The CRTC, which fills the "job of regulating and supervising the broadcasting
and telecommunications systems in Canada". The execs of ISPs retire and join
the CRTC[2], which allows monopoly (and corruption) to grow. [3]

As an example, the CRTC limits international competition (Wind Mobile [4]),
under the guise of "promote Canadian ownership and control of the industry"
[4] There's a reason that Orange mobile (and the other european brands)
haven't come to Canada, and it's the CRTC.

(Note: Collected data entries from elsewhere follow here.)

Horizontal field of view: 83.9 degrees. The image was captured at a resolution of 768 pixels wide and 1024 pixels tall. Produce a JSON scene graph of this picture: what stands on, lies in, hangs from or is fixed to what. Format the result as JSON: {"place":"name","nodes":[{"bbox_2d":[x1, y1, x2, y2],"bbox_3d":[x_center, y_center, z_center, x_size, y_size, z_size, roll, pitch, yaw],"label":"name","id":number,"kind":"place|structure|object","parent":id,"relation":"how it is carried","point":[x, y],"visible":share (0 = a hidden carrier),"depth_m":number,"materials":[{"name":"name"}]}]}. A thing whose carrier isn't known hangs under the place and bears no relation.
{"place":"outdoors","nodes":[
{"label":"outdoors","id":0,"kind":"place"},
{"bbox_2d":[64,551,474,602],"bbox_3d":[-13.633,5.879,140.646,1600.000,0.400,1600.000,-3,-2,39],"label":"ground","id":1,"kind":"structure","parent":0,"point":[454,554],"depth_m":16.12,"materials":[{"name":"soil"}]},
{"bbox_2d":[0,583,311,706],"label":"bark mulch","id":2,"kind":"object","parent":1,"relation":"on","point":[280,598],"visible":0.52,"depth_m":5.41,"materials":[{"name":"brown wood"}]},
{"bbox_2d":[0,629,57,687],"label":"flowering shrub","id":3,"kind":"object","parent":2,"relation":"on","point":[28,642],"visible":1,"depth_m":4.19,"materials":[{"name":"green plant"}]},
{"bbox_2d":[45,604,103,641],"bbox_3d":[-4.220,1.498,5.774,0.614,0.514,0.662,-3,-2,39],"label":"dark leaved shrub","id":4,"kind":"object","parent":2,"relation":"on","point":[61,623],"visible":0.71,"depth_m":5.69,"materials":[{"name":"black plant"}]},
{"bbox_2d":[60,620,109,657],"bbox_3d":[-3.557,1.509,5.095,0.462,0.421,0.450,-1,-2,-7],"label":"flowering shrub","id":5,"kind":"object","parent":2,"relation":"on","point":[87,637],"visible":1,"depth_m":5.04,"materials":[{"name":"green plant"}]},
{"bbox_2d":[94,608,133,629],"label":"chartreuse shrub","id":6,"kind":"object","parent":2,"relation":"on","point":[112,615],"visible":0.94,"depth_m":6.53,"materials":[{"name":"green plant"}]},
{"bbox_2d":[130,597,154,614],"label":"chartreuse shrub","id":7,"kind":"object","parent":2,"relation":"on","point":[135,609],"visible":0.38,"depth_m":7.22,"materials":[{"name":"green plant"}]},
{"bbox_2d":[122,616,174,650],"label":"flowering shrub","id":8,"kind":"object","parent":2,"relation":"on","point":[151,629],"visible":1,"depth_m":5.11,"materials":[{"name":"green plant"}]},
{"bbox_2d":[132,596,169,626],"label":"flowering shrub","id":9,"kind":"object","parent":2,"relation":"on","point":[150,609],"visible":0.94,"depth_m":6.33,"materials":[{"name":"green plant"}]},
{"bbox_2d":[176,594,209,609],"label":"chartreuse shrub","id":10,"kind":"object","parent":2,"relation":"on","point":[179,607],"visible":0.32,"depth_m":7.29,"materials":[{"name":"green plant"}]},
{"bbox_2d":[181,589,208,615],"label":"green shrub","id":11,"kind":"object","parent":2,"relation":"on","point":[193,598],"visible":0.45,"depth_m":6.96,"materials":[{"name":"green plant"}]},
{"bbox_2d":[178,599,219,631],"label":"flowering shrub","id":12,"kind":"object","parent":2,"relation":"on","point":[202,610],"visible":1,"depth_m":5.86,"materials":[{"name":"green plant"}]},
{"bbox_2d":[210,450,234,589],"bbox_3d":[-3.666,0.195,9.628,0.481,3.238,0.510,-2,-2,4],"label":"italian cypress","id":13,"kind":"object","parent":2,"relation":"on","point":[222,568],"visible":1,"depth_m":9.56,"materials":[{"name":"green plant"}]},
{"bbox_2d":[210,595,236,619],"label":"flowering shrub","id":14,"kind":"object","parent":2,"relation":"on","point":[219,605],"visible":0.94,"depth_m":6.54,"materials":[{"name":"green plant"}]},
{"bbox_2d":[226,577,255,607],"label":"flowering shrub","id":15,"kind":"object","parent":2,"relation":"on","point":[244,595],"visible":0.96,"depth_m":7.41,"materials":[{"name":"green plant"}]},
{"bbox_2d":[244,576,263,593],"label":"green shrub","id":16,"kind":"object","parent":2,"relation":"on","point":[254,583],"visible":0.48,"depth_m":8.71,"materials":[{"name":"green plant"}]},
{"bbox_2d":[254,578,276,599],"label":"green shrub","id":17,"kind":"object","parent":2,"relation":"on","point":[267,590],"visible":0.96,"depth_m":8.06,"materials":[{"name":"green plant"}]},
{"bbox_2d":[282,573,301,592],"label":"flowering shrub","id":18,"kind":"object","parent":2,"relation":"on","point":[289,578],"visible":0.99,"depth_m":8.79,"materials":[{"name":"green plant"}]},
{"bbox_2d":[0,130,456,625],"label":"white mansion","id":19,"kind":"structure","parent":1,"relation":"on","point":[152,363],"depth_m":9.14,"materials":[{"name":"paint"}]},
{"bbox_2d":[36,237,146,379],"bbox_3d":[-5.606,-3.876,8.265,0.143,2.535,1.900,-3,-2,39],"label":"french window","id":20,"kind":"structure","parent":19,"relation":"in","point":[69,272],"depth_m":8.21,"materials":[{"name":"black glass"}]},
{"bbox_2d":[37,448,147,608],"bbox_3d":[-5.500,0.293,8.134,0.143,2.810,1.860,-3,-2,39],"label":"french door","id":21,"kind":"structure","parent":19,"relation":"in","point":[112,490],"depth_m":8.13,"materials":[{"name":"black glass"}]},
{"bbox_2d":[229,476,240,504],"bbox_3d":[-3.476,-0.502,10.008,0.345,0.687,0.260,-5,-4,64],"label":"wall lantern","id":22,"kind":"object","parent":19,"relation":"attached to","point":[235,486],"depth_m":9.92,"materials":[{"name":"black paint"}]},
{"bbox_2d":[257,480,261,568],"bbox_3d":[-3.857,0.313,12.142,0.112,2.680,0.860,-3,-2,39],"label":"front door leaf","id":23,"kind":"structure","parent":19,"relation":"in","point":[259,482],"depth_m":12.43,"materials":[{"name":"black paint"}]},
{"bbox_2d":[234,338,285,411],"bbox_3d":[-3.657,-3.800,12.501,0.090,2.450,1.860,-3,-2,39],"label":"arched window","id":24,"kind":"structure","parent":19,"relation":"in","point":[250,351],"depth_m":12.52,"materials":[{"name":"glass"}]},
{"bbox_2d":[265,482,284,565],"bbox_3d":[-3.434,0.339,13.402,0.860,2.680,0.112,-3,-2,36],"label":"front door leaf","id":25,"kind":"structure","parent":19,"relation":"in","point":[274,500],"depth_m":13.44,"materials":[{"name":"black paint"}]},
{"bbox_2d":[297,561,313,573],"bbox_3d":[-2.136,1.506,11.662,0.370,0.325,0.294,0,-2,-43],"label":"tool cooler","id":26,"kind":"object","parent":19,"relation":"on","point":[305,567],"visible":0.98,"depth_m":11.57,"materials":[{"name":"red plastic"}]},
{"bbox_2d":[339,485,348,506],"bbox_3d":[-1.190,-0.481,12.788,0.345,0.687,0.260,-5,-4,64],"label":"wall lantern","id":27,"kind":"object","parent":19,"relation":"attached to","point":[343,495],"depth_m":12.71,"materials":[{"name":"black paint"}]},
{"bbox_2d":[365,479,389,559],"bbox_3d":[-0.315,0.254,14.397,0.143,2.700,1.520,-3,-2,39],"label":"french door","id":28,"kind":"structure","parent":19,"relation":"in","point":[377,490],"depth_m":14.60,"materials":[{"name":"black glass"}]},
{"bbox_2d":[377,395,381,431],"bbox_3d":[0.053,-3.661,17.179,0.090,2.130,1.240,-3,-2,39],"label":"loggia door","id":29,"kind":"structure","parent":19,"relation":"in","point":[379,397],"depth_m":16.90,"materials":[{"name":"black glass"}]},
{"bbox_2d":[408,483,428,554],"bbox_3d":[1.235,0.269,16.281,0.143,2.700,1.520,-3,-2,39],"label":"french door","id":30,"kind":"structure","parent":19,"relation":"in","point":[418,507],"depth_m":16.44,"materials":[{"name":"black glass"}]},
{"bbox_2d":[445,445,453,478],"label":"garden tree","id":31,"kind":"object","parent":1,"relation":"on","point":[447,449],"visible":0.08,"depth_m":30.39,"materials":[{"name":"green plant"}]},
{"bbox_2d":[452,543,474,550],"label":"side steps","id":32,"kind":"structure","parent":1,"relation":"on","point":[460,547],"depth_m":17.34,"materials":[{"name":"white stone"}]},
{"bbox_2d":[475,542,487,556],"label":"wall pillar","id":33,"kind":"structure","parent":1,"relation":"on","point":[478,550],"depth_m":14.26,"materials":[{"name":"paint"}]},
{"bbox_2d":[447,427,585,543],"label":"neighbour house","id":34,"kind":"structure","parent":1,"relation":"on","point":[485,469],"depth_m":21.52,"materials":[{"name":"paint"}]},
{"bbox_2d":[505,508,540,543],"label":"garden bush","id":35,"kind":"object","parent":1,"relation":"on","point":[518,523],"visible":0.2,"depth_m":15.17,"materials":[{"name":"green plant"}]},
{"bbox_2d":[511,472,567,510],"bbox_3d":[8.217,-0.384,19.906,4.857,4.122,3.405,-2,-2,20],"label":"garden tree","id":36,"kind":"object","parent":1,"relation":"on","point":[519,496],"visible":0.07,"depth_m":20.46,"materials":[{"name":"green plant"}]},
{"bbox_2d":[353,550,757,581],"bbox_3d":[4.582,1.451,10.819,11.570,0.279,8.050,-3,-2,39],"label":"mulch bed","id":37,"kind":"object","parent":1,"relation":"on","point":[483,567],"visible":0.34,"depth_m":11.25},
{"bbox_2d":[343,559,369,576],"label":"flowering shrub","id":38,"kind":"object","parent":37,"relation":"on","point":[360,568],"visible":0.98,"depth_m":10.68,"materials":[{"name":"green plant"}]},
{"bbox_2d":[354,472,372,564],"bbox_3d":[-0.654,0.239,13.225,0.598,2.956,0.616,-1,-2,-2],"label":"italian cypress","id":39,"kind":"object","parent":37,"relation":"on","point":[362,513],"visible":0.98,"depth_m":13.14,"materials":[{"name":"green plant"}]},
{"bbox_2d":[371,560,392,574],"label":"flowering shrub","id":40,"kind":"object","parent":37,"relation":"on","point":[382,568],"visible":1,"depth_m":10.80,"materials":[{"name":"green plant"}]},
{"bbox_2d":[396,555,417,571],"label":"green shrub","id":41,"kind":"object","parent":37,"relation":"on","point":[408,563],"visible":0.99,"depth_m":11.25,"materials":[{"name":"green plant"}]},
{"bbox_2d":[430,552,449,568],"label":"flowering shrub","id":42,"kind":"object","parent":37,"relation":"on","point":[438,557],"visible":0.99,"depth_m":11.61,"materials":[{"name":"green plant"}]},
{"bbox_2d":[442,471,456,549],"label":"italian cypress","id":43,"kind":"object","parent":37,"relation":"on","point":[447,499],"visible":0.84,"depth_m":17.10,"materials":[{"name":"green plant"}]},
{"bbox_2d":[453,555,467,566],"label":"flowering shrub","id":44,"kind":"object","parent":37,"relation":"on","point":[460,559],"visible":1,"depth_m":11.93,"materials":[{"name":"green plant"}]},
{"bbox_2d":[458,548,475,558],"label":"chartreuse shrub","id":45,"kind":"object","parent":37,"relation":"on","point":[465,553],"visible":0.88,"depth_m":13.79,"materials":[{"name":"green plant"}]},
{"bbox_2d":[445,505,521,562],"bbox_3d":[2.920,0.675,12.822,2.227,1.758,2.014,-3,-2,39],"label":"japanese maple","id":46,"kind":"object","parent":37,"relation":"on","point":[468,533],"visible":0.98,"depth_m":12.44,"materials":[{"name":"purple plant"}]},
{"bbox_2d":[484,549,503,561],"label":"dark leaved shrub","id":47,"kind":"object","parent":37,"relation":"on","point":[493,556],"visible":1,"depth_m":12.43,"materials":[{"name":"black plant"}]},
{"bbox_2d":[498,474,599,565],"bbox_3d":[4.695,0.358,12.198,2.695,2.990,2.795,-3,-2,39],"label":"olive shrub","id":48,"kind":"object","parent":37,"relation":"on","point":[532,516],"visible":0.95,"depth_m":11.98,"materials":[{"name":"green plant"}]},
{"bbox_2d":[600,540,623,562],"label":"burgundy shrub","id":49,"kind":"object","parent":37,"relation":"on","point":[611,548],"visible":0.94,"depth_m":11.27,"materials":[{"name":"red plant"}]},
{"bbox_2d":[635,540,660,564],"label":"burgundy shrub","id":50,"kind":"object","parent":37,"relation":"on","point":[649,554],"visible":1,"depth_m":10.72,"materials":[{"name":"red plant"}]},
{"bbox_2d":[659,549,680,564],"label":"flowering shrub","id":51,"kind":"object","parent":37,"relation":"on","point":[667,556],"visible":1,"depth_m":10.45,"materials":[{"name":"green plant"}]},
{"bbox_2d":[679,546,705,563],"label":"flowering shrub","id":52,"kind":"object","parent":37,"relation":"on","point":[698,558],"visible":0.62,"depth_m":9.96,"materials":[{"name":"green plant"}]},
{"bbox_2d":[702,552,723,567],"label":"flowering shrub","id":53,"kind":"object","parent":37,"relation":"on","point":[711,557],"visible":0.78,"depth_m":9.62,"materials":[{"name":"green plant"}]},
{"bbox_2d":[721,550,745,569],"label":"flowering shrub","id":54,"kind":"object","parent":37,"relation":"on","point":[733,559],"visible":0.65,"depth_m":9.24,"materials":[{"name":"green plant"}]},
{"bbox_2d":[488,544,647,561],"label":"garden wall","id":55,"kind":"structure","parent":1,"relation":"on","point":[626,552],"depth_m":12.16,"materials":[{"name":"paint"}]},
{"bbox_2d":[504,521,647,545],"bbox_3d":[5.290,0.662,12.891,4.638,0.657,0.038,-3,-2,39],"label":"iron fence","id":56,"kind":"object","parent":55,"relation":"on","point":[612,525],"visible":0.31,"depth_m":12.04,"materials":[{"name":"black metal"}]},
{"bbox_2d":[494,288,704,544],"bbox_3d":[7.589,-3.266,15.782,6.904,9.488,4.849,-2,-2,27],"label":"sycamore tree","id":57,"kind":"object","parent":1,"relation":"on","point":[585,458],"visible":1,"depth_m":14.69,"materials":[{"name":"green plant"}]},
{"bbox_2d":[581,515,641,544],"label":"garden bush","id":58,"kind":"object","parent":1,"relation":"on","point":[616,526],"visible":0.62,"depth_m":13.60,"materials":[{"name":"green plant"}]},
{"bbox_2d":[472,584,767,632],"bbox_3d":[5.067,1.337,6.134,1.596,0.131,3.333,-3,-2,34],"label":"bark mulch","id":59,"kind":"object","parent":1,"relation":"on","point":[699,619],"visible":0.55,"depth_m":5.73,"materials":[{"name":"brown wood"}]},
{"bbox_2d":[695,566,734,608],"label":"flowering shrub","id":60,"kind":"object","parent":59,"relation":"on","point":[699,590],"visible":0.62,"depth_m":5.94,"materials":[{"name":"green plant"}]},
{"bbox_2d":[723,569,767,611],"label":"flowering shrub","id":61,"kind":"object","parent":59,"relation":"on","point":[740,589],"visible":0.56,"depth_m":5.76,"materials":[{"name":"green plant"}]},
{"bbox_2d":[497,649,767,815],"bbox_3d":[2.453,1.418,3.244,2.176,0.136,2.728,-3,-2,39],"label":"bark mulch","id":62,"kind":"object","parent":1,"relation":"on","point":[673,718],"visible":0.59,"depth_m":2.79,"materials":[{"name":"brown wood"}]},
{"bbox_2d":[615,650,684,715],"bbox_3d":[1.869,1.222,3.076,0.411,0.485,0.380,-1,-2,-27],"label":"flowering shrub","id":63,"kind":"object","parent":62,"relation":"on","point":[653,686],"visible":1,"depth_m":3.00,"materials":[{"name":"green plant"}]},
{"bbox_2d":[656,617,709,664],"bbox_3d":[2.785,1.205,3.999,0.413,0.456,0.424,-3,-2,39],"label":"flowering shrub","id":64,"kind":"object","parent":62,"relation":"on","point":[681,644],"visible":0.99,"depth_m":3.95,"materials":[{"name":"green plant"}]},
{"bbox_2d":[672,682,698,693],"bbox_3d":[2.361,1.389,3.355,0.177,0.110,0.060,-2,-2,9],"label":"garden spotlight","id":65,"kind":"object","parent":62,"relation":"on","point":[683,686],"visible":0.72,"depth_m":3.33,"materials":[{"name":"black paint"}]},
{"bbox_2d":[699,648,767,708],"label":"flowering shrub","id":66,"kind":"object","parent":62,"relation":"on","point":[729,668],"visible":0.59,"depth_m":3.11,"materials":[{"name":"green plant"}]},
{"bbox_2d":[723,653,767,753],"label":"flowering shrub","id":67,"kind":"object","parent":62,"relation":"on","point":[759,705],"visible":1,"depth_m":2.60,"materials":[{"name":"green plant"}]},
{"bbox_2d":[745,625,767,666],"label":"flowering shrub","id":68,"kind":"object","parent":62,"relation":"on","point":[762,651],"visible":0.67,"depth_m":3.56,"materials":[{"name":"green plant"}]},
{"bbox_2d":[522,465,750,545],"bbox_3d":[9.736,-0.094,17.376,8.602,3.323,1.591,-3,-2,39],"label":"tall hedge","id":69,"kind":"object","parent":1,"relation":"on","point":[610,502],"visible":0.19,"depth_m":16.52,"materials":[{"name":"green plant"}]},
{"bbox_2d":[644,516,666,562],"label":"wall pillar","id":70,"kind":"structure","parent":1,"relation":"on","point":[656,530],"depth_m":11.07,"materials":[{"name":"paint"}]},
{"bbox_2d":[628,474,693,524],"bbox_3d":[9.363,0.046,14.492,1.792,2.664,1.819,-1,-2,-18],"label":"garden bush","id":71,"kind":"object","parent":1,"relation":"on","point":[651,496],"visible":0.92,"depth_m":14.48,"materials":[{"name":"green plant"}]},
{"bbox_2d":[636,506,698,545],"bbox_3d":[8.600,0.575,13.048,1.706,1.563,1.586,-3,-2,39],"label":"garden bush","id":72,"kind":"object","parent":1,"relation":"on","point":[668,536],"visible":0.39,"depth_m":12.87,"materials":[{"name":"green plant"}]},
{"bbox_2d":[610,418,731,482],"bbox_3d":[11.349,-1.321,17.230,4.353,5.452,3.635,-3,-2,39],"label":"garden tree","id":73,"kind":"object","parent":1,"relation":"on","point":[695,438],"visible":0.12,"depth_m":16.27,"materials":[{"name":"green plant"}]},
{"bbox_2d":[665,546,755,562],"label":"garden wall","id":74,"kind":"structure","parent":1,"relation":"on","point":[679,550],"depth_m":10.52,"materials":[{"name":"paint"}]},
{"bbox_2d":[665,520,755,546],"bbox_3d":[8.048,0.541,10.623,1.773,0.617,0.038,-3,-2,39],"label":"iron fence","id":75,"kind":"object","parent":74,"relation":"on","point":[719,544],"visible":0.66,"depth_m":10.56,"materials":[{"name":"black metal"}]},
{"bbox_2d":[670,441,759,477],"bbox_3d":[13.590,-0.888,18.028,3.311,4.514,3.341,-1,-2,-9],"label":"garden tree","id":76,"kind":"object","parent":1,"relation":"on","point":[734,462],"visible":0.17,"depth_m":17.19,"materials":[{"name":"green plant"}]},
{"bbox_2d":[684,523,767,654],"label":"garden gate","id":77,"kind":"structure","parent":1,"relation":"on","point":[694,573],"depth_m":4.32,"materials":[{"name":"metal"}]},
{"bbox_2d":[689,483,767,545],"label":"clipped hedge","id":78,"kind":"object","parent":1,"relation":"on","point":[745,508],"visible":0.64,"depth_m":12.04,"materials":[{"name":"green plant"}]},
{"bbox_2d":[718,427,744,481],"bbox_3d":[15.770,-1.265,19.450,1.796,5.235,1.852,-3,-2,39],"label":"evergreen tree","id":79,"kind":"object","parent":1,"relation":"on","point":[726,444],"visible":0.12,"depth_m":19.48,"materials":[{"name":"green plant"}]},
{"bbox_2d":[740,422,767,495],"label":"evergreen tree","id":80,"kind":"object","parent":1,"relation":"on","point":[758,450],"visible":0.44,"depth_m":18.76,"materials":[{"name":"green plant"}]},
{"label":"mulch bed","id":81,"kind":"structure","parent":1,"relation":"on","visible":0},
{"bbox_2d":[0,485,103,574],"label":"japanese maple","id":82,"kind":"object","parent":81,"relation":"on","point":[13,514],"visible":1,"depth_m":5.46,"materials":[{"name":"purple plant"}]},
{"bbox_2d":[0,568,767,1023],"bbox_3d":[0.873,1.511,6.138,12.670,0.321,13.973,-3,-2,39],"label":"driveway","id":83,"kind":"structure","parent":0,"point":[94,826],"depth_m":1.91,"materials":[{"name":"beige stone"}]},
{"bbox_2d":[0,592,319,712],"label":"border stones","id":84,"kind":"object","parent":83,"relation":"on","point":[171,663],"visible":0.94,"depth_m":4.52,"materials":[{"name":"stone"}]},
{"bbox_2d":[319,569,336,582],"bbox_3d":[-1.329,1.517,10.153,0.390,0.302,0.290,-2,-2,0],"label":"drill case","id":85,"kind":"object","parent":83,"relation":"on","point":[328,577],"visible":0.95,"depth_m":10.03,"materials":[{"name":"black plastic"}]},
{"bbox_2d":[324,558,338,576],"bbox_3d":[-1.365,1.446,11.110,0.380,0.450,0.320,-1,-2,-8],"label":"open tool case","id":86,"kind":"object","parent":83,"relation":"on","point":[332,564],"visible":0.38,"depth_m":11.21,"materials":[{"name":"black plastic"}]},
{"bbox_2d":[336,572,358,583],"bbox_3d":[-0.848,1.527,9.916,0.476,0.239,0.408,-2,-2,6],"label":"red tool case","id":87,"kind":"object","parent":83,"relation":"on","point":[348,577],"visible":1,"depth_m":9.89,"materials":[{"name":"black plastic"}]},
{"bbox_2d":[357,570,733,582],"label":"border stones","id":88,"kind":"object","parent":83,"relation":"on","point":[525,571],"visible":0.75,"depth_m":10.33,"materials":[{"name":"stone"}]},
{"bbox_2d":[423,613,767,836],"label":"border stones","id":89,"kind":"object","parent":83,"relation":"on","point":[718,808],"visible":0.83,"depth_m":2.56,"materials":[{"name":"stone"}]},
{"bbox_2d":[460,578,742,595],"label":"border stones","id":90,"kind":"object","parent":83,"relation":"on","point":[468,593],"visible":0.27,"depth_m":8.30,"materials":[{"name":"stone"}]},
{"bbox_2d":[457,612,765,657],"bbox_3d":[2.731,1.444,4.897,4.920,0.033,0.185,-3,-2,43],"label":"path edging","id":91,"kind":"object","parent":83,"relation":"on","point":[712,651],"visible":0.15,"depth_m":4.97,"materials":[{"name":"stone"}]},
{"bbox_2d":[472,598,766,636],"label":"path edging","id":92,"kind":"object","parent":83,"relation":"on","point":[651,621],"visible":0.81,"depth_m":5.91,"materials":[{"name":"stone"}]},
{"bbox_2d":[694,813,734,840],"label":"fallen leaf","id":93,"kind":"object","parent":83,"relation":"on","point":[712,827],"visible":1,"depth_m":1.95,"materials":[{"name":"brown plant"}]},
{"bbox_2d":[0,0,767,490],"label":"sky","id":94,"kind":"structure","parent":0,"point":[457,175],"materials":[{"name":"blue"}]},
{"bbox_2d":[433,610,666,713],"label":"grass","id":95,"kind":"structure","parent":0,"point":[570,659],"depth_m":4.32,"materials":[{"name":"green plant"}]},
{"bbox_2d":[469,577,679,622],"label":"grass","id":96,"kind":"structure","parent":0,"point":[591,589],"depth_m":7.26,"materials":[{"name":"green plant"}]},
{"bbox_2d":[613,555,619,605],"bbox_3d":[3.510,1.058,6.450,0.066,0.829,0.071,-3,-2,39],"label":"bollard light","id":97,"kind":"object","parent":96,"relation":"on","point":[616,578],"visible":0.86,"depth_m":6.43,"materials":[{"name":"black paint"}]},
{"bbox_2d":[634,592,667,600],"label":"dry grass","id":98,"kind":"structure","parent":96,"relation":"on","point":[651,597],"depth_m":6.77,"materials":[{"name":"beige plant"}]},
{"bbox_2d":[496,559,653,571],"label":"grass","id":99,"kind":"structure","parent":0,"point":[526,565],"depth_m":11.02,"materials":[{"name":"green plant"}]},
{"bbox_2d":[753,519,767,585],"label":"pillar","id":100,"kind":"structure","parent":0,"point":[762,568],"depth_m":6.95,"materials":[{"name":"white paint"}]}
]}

In reality, Canadian Telecom is a farce that would not hold up to competition
against other international telecoms.

[1] <http://www.techdirt.com/articles/20080325/155924648.shtml>

[2] [http://www.dslreports.com/shownews/New-CRTC-Boss-is-Ex-
Roger...](http://www.dslreports.com/shownews/New-CRTC-Boss-is-Ex-Rogers-Bell-
Exec-118086)

[3] <http://www.srtv.on.ca/mf.html>

[4] [http://www.theglobeandmail.com/report-on-business/cabinet-
ha...](http://www.theglobeandmail.com/report-on-business/cabinet-had-right-to-
overrule-crtc-on-wind-mobile-court-told/article580354/)

------
westbywest
I would have to imagine there is still some challenge to 'bringing' Google
Fiber to the remaining 48 US states. Sprint's presence in Kansas City was a
large determining factor in its selection for the initial fiber deployment.
Besides, there are still plenty of service providers (and attendant lobbyists)
in this county who would prefer that fiber remain priced well above $70/month.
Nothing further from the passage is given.